この日は工藤明をドラムに加えたトリオと銘苅麻野率いるめかるストリングスカルテットを加えての2編成を組み込んで、約1時間の演奏。ドビュッシーのパスピエをオリジナルアレンジで奏でた「Passepied」をはじめ、「Plug in」「願い」「羅針儀」などミニ・アルバム『緑と風』収録曲を中心に展開。クラシックやジャズを下地にしたピアノ・トリオといった佇まいながら、そのどちらにも偏らず、瑞々しいポップ・インスト的アプローチとピアノ・ジャズ/フュージョンを横断するようなアレンジは、確かにユニーク。持山が西野カナ、GLAY、倉木麻衣らのアレンジを手掛け、ももいろクローバーZはじめ“アイマス”などアニメ関連、℃-ute、アイドリング!!!といったアイドルのライヴサポートも務めていることもあって、ポップス的なアウトプットも厭わないところが、楽曲の自由度を高めているのかもしれない。
また、「羅針儀」や「朝靄」などはベースの小山が手掛けたオリジナル曲は、ベーシストらしいというか、ボトムを効かせた軽快なグルーヴが持ち味。
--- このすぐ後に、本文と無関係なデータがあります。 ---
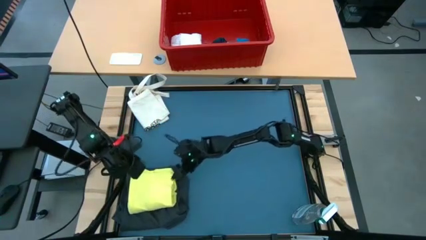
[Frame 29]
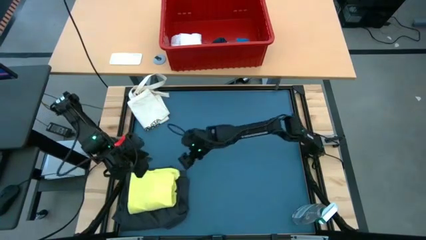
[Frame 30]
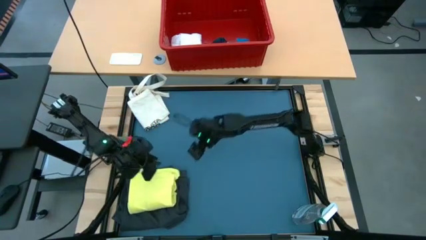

このあたりはブラック・ミュージック嗜好との共感が窺えそうなテイストといえそうだ。
持山のオリジナルである夕焼けの情景をモチーフにした「Orange」は、故郷・静岡の茶畑に注ぐ夕日をイメージして作曲したとのこと。彼女は静岡県磐田市出身ゆえ、頭の中で「ということは、ジュビロサポーターかも」と過ぎったのはここだけの話だが、オレンジ色に照らされたステージで、懐古的でどこか安らぎがある鍵盤ハーモニカを駆使しながら郷愁を醸し出すステージは印象的だった。同じく持山によるバラード「願い」は、微笑ましくエンディングを迎える映画のラストシーンのBGMのような穏やかさやピュアネスを携えていた。
アンコールは持山の作曲による「夢」を。タンゴというかラテン調のリズムを組み込んだようなクラシカルな展開もあり、タイトルに相応しい希望が感じられる作風だったように思う。
後ほど僅かながら音源の一部を聴いたが、それら音源とはまた異なったアレンジでのステージだった。CDではピアノが前面に出た透明感溢れる音を強調しているが、ステージでは清爽な音鳴りだけでなく、しっかりと通底するグルーヴを感じられた。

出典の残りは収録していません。